◆ GIVEN INFORMATION

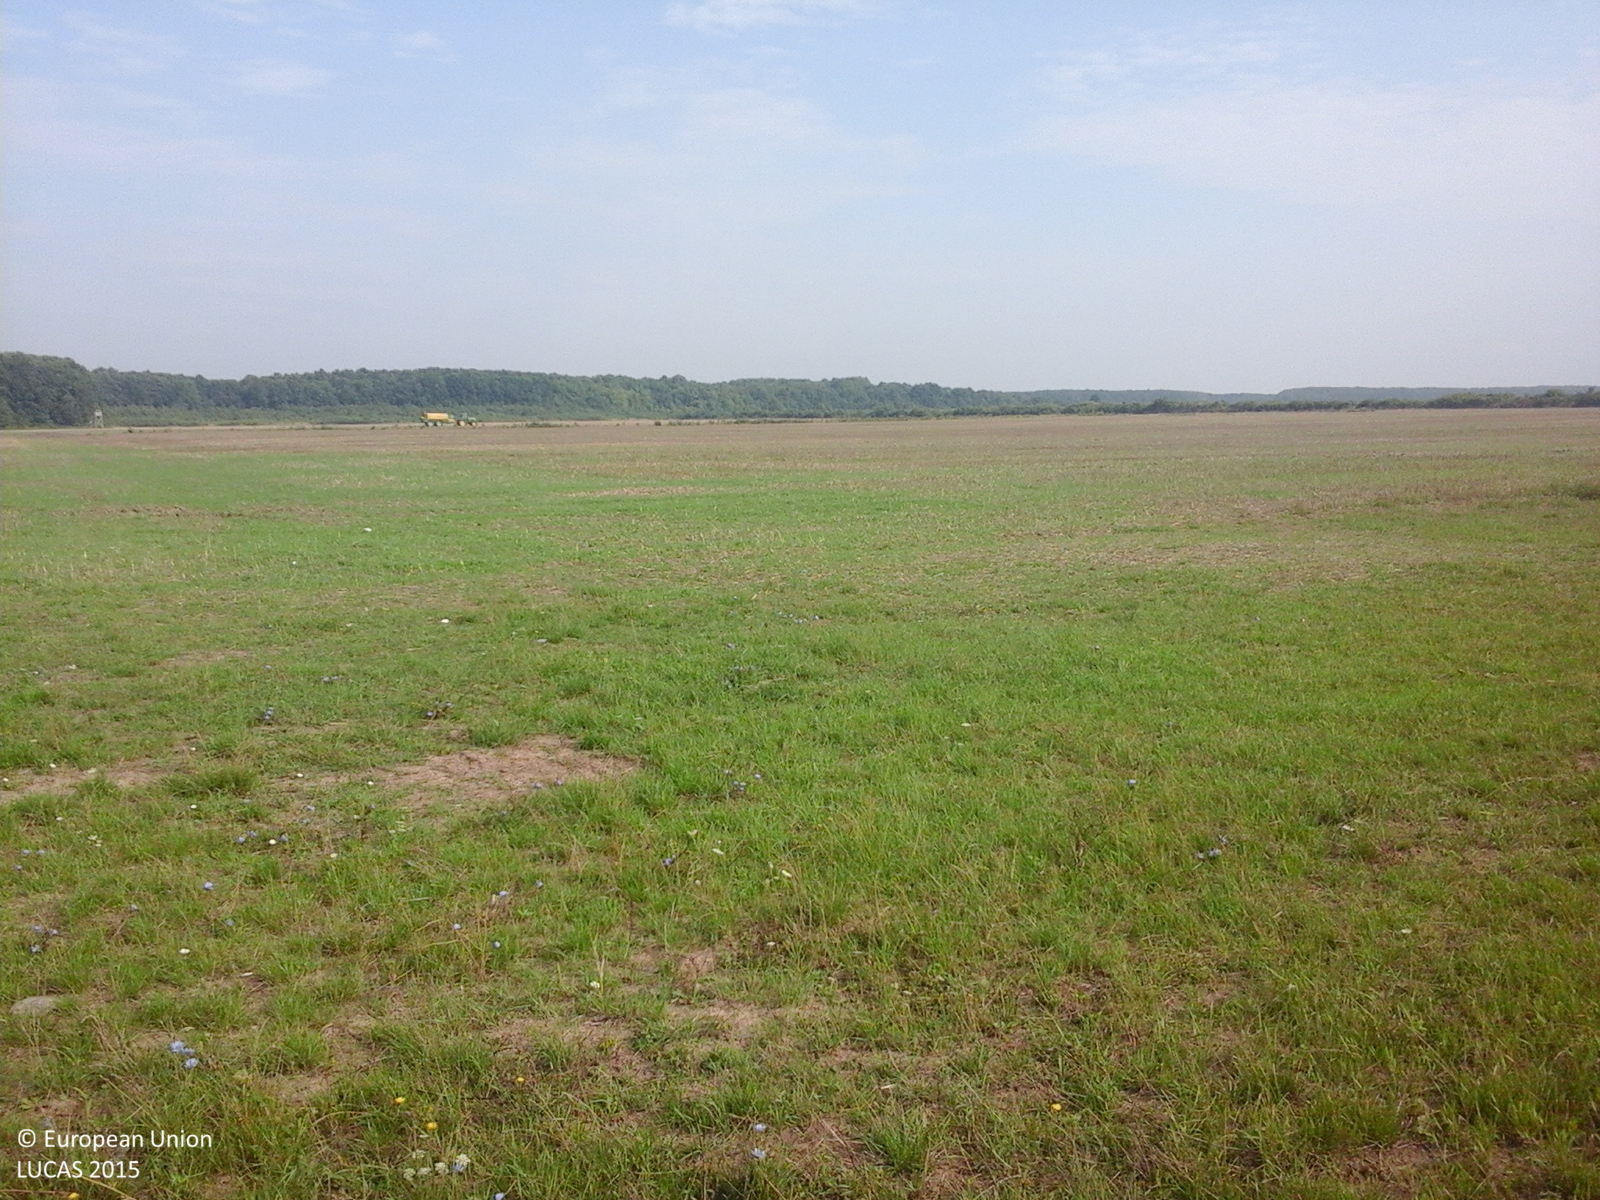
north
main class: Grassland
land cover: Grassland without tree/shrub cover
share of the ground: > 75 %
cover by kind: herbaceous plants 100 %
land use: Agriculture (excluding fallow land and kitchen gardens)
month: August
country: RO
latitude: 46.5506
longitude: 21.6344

* * *

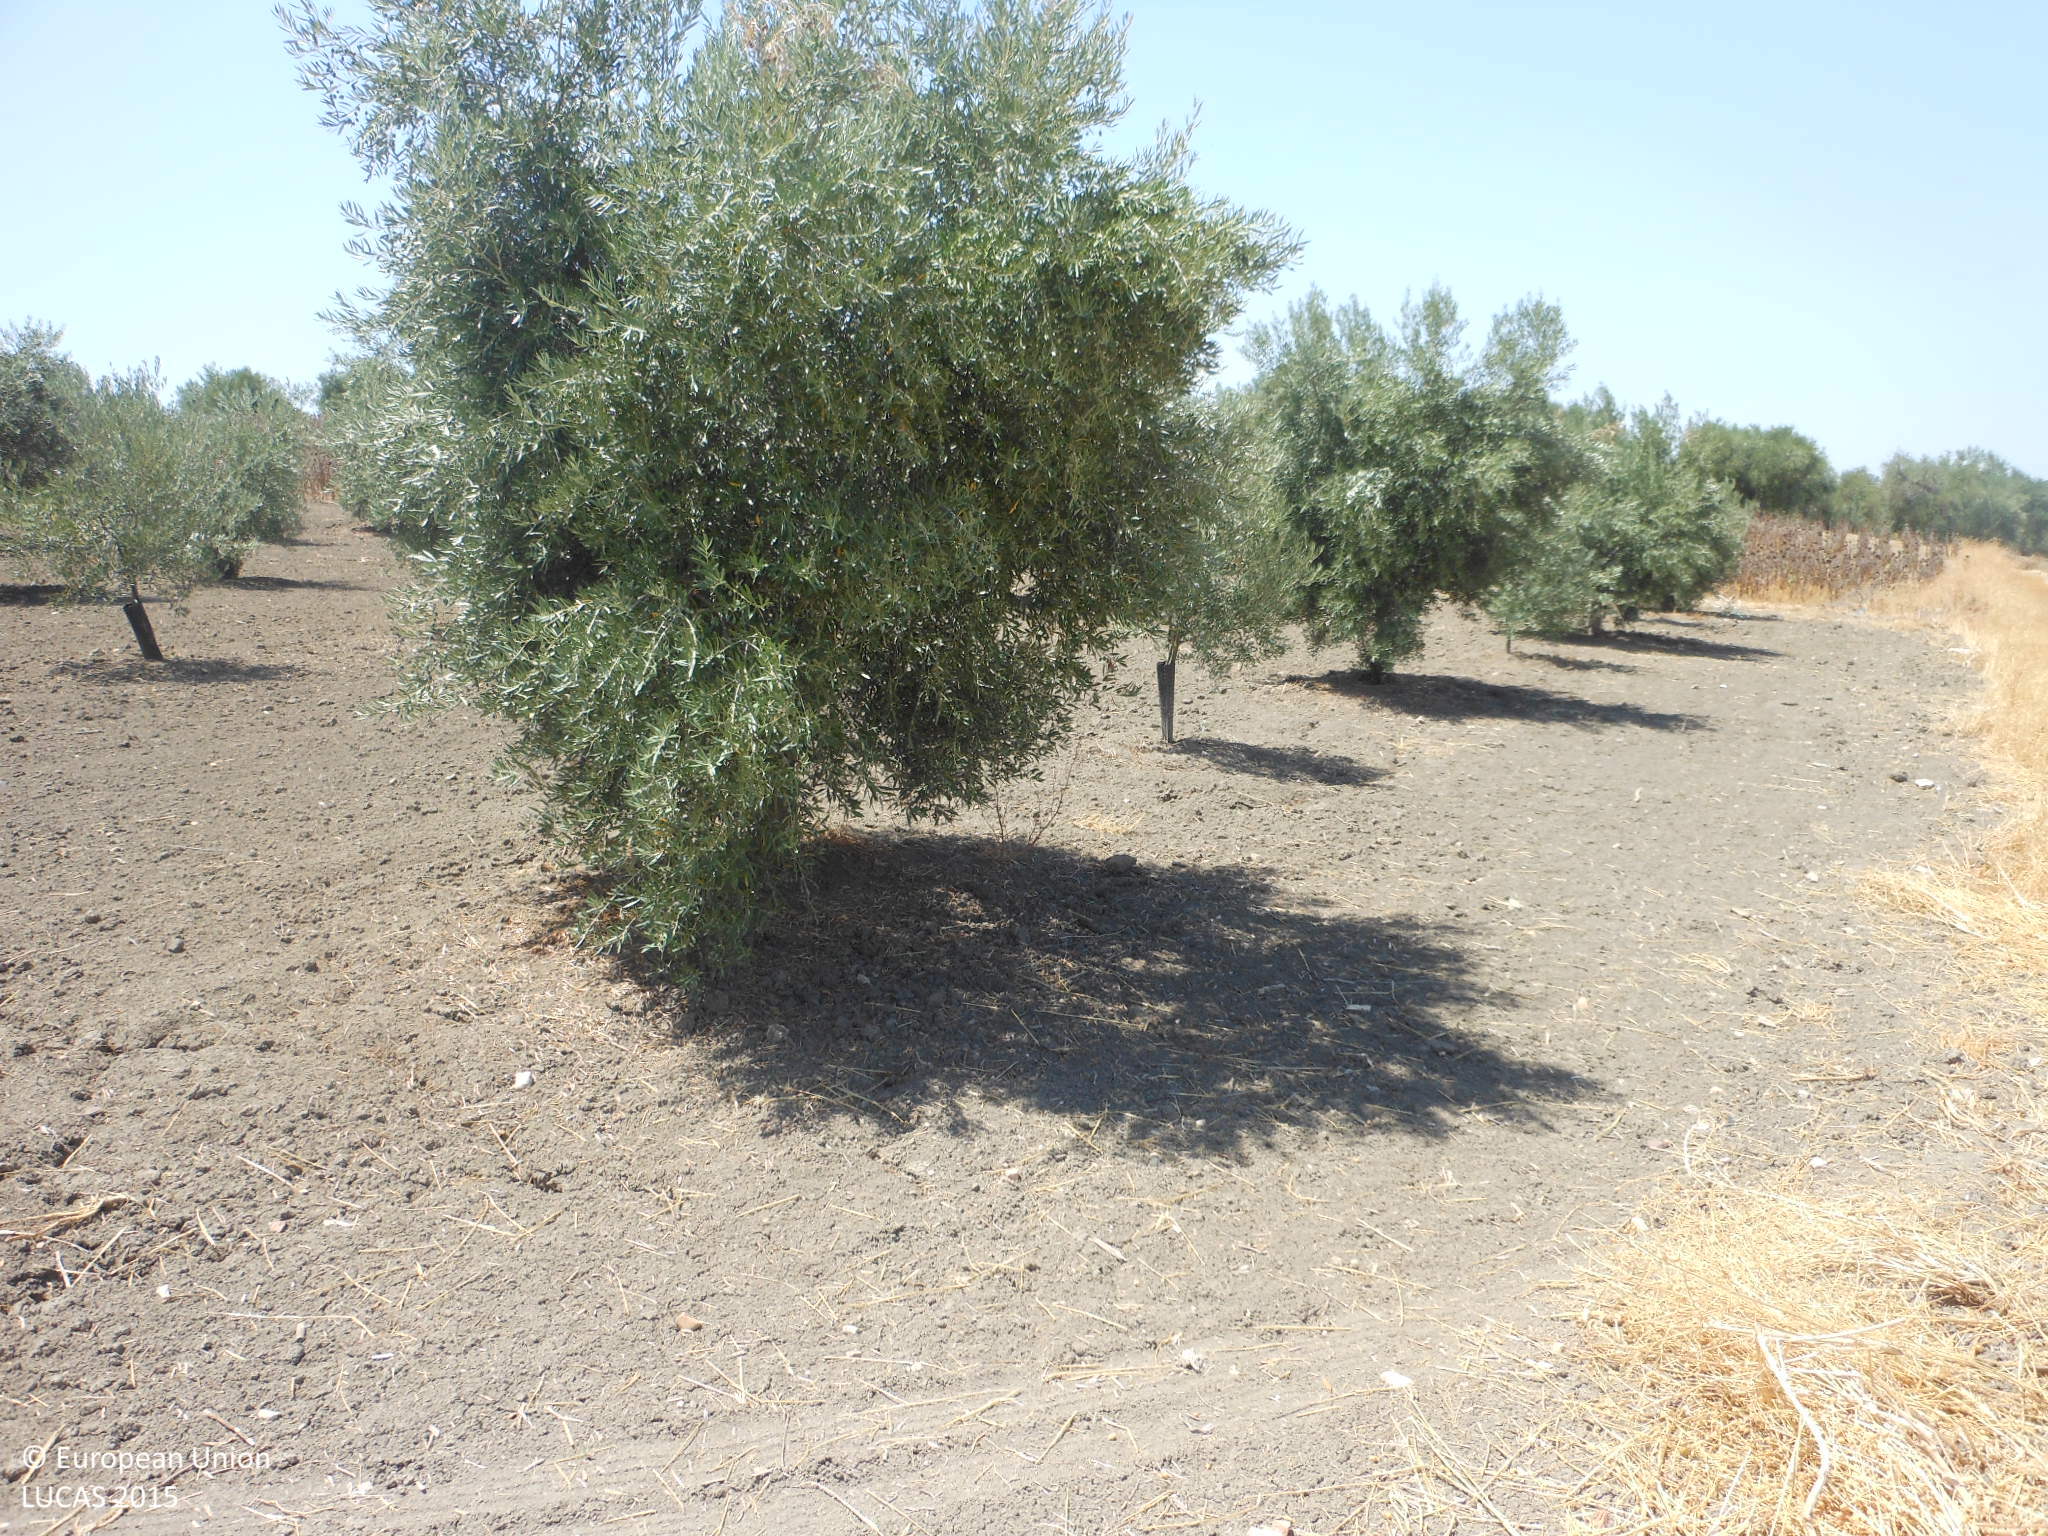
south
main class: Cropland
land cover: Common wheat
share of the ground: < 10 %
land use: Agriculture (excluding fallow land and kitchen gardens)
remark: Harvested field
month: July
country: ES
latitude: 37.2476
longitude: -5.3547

◆ ABOUT THIS EXERCISE
From the records above, retype only the lines starting at the line that contains "share of the ground: > 75 %" and ending at the line that contains "longitude: 21.6344", both included.

◆ TASK SOLUTION
share of the ground: > 75 %
cover by kind: herbaceous plants 100 %
land use: Agriculture (excluding fallow land and kitchen gardens)
month: August
country: RO
latitude: 46.5506
longitude: 21.6344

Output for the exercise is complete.